Ram Balram is a 1980 Indian Hindi-language action film directed by Vijay Anand, which starred Dharmendra and Amitabh Bachchan in pivotal roles along with the supporting cast including Zeenat Aman and Rekha. The film marked the third time in which Dharmendra and Bachchan worked together after their previous films, Chupke Chupke and Sholay. The movie surfaced as one of the highest-grossing films of the year, and was clarified a superhit by box-office analysts.

Plot
Ram and Balram are two young boys who live with their loving parents. Their scheming uncle, Jagatpal, however, kills the boys' parents. Jagatpal lies to the boys that their parents have been killed in an accident and promises to raise them himself.

He enrolls the younger brother Balram in school and eventually sends him off to join the police force. The older brother Ram becomes a mechanic. Jagatpal has a tight hold on the boys, even when Ram is an adult, he still gives all his wages to his uncle and is only allowed to keep a few rupees for pocket money.

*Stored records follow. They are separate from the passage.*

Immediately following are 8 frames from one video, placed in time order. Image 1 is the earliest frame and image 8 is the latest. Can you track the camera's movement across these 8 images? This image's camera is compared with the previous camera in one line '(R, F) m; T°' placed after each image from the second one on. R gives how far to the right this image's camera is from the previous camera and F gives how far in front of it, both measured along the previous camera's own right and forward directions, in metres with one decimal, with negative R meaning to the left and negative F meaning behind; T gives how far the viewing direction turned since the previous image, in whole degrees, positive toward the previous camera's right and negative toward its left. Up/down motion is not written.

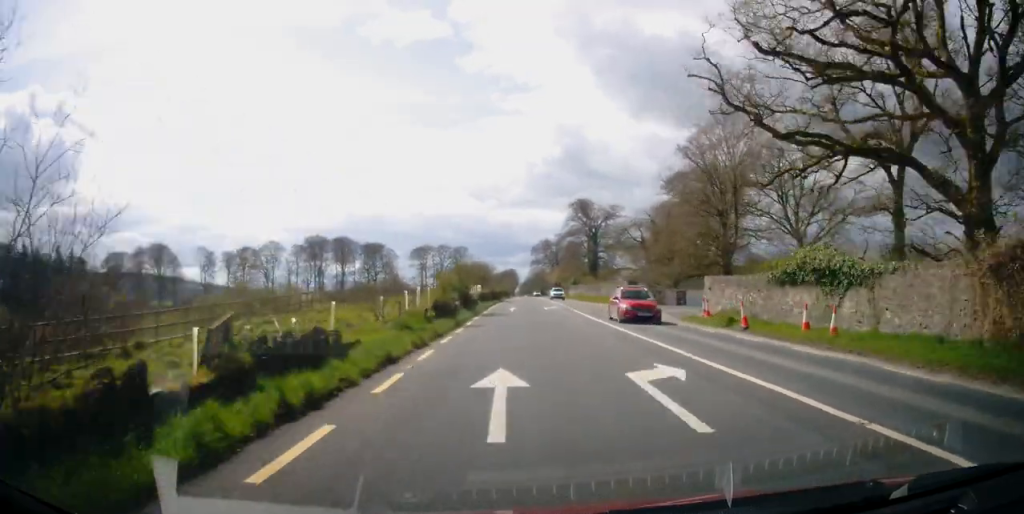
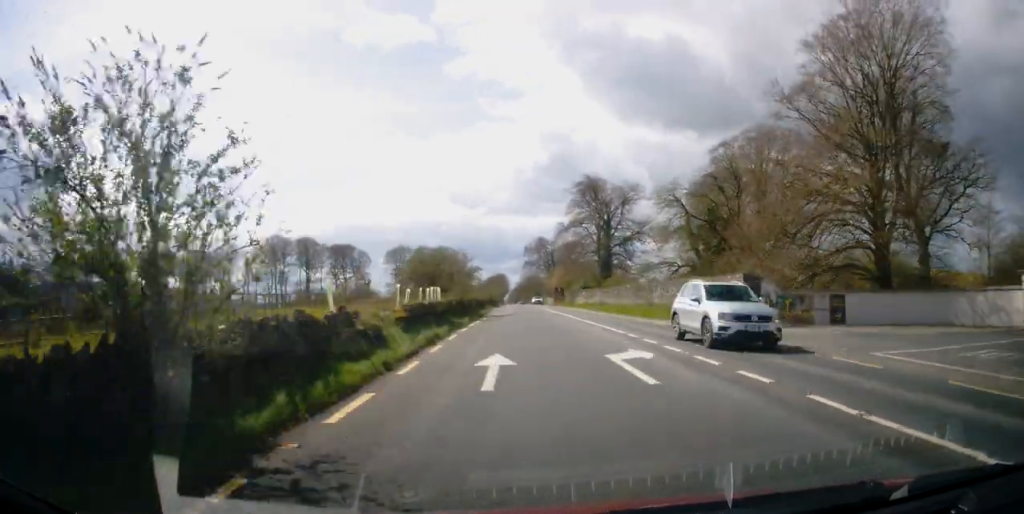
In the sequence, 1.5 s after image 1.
(+0.6, +30.5) m; +3°
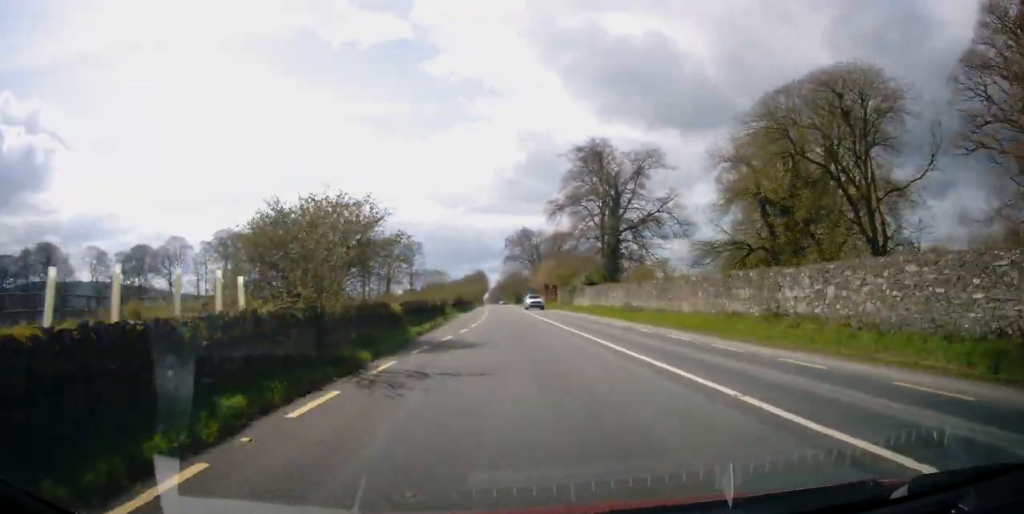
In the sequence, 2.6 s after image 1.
(+0.3, +24.2) m; 0°
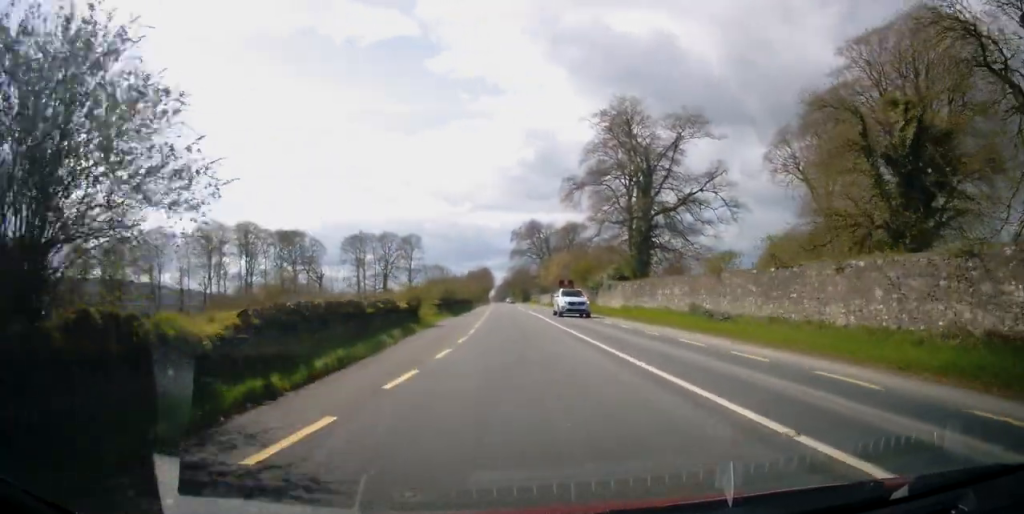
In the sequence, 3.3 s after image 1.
(-0.2, +14.3) m; -1°
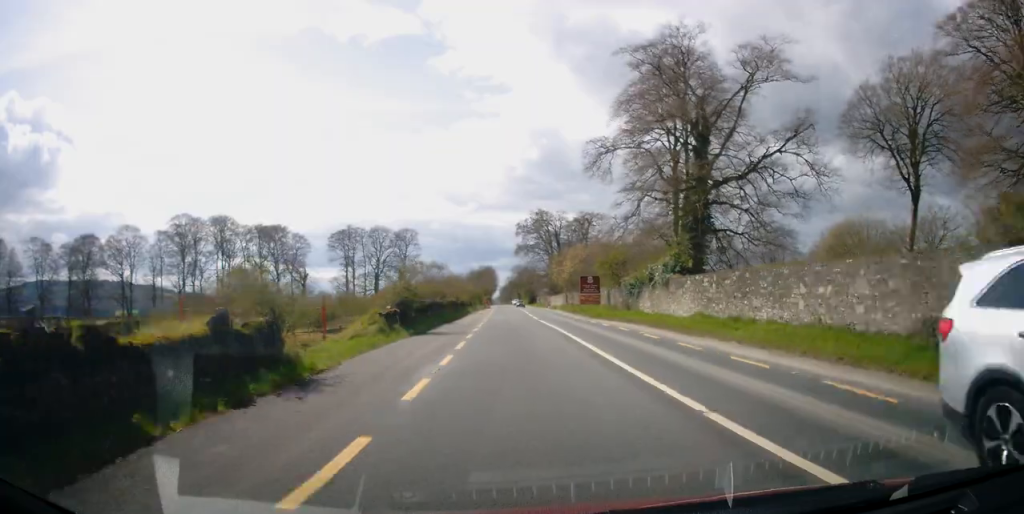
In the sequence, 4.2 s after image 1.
(-0.2, +17.0) m; -1°
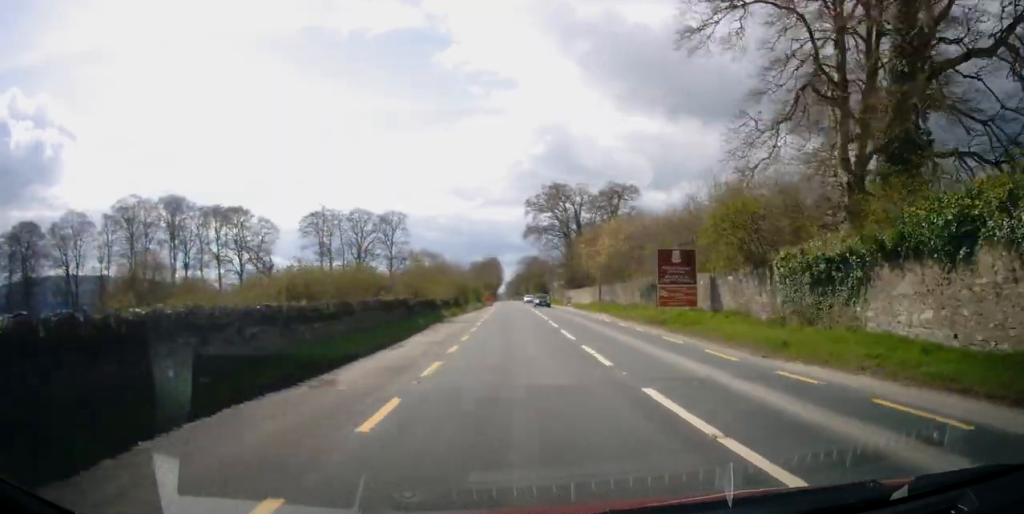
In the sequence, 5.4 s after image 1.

When Balram returns as a fully fledged police officer, Jagatpal finally reveals his plan. He is going to use Ram to target the biggest smugglers in India. Now that Balram is a police officer, he will protect his brother from getting arrested. Balram has reservations, but Jagatpal threatens to beat him just as he did when he was a boy; he has a needle at the edge of his cane and whenever the boys would do something Jagatpal dislikes, he would put the pointy and dangerous needle on the boys' neck.

Balram is still unhappy with Jagatpal's plan, so he tells his superiors in the police force that his brother intends to infiltrate the smuggler's underworld so that Balram can arrest them. Ram becomes a police informer for Balram.

The plan goes well. Ram becomes one of the lieutenants of one of the biggest smugglers Sulaiman and Balram's excellent arrest rate makes him one of the force's most successful officers. Jagatpal becomes enormously wealthy from Ram's illicit gains.
The brothers also find love. Balram with Shobha, the daughter of a college professor and Ram with Madhu, a girl who has moved to the area with her mother looking for her father. Unbeknownst to Ram, the girl believes her father to be Jagatpal. She, along with her courtesan mother, attempt to extort money for Jagatpal but he refuses to believe he is the father. His suspicions are confirmed when he catches the mother paying off a former customer. The man is confronted by Jagatpal and confesses that the girl is not Jagatpal's daughter.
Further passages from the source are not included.